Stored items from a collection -
____________

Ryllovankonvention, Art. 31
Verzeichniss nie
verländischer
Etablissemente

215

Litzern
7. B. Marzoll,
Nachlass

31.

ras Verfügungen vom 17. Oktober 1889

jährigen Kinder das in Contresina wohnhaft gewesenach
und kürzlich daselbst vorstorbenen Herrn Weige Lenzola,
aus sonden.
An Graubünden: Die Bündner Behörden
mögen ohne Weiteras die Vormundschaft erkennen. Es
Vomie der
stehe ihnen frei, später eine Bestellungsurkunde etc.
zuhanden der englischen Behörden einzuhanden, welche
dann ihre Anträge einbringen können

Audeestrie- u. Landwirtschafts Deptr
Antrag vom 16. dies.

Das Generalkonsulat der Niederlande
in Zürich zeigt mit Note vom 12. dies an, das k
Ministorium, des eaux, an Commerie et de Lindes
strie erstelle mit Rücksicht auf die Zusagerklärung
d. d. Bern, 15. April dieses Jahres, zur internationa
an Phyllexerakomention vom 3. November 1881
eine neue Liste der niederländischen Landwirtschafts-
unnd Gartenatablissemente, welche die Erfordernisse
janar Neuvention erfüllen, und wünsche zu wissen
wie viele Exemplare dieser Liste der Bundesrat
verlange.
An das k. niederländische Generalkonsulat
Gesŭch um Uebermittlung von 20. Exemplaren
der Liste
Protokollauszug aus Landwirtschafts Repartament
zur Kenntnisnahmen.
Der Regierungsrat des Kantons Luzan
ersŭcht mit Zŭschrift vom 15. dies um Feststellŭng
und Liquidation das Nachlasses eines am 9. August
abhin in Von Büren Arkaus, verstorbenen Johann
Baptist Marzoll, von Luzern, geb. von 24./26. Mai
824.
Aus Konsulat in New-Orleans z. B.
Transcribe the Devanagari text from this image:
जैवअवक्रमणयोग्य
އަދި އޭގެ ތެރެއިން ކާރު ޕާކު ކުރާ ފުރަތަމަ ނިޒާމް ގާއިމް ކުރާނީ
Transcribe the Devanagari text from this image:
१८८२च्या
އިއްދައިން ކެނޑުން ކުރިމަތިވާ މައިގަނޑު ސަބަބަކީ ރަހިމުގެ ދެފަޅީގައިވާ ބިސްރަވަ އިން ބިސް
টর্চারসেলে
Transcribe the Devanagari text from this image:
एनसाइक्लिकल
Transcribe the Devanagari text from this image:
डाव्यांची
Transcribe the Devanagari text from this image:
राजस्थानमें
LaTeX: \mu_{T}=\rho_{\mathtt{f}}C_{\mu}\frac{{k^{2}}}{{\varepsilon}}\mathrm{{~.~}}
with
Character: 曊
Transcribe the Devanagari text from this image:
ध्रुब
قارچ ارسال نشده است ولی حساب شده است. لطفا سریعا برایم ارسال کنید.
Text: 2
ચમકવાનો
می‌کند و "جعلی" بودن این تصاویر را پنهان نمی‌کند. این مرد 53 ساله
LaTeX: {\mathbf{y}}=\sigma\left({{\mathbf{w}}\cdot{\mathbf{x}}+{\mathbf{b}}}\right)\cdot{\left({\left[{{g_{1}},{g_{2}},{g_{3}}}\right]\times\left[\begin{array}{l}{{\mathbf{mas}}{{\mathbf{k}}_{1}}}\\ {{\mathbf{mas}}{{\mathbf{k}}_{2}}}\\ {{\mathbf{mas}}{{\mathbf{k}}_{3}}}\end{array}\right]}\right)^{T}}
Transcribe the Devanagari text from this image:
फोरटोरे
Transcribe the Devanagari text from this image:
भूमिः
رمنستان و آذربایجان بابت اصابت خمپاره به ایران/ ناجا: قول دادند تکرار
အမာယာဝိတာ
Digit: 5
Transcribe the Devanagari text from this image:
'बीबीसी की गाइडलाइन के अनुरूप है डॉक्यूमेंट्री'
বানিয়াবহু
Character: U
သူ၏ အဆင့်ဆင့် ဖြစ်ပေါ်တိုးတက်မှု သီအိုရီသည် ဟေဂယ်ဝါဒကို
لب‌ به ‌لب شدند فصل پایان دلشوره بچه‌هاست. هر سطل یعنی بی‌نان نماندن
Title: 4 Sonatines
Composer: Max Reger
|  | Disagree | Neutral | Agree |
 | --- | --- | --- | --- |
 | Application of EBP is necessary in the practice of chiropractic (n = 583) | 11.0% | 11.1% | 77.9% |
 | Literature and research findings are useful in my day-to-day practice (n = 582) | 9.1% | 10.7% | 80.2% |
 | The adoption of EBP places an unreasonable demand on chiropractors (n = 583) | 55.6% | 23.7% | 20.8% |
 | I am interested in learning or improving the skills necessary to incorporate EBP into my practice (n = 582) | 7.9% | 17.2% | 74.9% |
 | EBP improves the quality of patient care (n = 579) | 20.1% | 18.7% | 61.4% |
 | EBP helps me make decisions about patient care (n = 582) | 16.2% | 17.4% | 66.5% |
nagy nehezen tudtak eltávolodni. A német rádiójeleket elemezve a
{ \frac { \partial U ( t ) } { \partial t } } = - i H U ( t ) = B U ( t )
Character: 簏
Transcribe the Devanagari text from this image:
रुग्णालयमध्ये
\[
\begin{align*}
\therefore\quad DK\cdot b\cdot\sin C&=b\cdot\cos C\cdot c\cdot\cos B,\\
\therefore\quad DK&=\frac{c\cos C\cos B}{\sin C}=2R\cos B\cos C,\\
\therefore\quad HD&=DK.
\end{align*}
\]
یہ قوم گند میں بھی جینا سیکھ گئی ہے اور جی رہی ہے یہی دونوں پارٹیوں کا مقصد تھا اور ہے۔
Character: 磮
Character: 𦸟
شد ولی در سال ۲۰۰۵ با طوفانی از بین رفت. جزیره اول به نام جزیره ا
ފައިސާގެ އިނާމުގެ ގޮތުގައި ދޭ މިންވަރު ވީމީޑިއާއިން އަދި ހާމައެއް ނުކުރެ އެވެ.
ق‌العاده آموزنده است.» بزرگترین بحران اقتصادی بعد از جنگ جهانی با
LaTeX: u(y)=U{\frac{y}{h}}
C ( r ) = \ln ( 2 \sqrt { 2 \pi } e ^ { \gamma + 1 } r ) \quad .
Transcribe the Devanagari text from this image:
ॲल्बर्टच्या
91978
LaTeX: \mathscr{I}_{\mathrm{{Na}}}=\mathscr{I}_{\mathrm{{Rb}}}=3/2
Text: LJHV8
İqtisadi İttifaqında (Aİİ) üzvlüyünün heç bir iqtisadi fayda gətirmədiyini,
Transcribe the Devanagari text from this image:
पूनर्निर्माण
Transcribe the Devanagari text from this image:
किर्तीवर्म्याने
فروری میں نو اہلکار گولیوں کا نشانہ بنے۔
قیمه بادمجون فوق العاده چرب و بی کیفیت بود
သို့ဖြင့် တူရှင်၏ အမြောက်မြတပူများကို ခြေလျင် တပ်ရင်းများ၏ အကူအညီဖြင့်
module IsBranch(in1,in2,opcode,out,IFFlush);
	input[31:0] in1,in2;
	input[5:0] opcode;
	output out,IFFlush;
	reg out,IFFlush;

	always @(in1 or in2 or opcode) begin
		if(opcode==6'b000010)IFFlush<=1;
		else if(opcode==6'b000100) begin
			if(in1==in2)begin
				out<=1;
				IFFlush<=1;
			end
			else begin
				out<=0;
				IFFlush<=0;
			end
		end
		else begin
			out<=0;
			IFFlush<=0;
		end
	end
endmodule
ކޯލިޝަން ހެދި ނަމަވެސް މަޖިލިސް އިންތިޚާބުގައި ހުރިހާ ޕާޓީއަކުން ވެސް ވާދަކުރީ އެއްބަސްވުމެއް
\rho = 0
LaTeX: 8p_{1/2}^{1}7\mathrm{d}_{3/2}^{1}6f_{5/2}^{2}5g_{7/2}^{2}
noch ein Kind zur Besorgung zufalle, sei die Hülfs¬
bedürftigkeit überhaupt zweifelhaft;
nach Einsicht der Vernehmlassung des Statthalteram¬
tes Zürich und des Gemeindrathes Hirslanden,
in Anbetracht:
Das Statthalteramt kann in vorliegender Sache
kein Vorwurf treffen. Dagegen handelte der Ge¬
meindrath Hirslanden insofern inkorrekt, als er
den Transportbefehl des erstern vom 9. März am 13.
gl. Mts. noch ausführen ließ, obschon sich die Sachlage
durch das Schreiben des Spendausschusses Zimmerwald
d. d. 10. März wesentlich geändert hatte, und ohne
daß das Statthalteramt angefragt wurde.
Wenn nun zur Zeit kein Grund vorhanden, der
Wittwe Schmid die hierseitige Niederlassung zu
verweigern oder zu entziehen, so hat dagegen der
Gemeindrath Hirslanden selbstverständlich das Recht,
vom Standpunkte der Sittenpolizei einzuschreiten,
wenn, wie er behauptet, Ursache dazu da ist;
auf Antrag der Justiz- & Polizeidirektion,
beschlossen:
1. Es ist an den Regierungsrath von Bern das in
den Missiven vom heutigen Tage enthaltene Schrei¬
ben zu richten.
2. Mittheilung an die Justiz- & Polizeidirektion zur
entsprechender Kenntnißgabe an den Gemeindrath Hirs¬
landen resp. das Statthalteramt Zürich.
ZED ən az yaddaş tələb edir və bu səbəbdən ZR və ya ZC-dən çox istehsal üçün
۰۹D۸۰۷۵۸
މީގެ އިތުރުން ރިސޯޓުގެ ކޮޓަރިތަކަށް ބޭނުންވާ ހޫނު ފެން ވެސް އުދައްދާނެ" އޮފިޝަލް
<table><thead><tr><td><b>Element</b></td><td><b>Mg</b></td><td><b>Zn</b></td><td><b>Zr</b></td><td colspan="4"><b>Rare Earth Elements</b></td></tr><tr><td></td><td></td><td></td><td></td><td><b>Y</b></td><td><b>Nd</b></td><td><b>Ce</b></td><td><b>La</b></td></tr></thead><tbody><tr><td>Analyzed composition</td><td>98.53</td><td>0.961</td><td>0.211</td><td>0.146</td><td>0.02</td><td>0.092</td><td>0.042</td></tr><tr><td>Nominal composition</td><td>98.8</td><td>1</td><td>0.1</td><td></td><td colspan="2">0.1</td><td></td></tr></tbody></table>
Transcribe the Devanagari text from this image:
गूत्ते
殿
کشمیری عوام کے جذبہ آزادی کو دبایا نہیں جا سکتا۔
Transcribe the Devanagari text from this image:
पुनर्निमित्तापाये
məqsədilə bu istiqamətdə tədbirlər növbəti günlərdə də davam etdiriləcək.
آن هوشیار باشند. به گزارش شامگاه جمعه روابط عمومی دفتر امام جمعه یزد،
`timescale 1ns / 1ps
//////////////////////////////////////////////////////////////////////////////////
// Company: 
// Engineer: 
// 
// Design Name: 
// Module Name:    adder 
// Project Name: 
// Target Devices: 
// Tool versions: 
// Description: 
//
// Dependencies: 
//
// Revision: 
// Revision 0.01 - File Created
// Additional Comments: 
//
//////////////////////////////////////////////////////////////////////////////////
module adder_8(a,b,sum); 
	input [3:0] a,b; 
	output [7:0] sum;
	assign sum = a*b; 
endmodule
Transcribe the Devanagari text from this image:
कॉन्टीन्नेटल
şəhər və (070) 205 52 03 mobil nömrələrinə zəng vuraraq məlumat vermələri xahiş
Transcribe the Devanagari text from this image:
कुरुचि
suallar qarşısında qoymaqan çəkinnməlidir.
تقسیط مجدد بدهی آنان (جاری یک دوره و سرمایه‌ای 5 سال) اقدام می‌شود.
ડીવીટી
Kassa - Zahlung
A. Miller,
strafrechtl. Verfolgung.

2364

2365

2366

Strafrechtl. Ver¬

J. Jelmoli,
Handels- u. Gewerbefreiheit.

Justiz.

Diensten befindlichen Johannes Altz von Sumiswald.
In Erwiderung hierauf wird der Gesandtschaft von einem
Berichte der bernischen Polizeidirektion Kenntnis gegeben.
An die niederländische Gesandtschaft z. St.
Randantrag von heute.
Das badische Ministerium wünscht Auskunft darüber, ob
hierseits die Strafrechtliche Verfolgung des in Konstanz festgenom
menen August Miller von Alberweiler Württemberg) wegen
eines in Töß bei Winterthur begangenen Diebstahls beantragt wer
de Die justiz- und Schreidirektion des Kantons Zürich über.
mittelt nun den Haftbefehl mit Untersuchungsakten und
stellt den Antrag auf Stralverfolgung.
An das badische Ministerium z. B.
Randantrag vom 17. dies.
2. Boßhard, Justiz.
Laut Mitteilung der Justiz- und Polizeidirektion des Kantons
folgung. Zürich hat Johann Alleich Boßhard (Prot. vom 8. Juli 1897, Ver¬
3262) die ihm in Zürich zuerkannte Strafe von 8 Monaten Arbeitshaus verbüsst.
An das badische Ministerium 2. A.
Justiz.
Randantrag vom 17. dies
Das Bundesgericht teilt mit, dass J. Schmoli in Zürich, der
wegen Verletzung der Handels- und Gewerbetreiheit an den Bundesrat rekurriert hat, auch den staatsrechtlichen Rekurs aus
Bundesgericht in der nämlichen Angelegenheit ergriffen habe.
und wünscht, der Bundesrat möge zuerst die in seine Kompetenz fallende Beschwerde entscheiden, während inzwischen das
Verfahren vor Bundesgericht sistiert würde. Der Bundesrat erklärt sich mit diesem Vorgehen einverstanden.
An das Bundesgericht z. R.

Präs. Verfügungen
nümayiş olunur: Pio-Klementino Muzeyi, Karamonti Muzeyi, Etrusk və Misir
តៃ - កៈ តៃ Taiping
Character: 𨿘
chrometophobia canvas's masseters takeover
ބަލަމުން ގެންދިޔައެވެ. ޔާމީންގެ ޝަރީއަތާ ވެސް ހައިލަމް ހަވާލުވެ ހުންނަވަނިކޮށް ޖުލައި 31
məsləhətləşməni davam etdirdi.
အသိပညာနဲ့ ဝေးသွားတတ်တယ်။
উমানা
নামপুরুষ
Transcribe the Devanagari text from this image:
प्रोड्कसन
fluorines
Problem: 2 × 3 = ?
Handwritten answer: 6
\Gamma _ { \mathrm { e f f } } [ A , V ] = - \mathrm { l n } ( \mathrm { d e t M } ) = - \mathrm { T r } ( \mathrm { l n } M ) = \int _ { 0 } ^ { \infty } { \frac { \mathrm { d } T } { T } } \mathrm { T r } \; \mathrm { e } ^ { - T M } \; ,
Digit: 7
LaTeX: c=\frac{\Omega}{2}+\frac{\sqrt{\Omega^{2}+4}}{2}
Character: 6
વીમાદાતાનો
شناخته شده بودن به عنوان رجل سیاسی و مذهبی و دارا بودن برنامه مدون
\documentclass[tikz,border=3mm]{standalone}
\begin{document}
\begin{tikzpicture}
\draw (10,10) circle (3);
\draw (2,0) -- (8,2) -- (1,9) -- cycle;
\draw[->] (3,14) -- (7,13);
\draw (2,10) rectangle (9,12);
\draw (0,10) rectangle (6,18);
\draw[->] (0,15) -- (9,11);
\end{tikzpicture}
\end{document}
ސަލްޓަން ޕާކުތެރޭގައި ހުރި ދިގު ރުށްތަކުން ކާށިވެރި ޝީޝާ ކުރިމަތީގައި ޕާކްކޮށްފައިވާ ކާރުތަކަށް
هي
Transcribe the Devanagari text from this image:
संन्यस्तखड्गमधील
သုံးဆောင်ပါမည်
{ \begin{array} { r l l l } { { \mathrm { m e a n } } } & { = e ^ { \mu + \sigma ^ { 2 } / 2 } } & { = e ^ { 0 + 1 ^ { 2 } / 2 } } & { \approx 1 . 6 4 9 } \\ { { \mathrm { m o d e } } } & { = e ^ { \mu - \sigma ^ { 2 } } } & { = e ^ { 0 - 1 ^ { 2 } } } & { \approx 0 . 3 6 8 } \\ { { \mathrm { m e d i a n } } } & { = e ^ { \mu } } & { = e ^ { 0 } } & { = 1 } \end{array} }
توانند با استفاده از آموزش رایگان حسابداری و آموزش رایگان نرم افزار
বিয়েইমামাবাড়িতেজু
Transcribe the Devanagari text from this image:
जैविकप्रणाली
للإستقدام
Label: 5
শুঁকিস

____________

TASK DETAILS - Go to the line with "Diensten befindlichen Johannes" in the entries above and repeat every line from there through the line with "Präs. Verfügungen", exactly and with no other text.

EXERCISE SOLUTION -
Diensten befindlichen Johannes Altz von Sumiswald.
In Erwiderung hierauf wird der Gesandtschaft von einem
Berichte der bernischen Polizeidirektion Kenntnis gegeben.
An die niederländische Gesandtschaft z. St.
Randantrag von heute.
Das badische Ministerium wünscht Auskunft darüber, ob
hierseits die Strafrechtliche Verfolgung des in Konstanz festgenom
menen August Miller von Alberweiler Württemberg) wegen
eines in Töß bei Winterthur begangenen Diebstahls beantragt wer
de Die justiz- und Schreidirektion des Kantons Zürich über.
mittelt nun den Haftbefehl mit Untersuchungsakten und
stellt den Antrag auf Stralverfolgung.
An das badische Ministerium z. B.
Randantrag vom 17. dies.
2. Boßhard, Justiz.
Laut Mitteilung der Justiz- und Polizeidirektion des Kantons
folgung. Zürich hat Johann Alleich Boßhard (Prot. vom 8. Juli 1897, Ver¬
3262) die ihm in Zürich zuerkannte Strafe von 8 Monaten Arbeitshaus verbüsst.
An das badische Ministerium 2. A.
Justiz.
Randantrag vom 17. dies
Das Bundesgericht teilt mit, dass J. Schmoli in Zürich, der
wegen Verletzung der Handels- und Gewerbetreiheit an den Bundesrat rekurriert hat, auch den staatsrechtlichen Rekurs aus
Bundesgericht in der nämlichen Angelegenheit ergriffen habe.
und wünscht, der Bundesrat möge zuerst die in seine Kompetenz fallende Beschwerde entscheiden, während inzwischen das
Verfahren vor Bundesgericht sistiert würde. Der Bundesrat erklärt sich mit diesem Vorgehen einverstanden.
An das Bundesgericht z. R.

Präs. Verfügungen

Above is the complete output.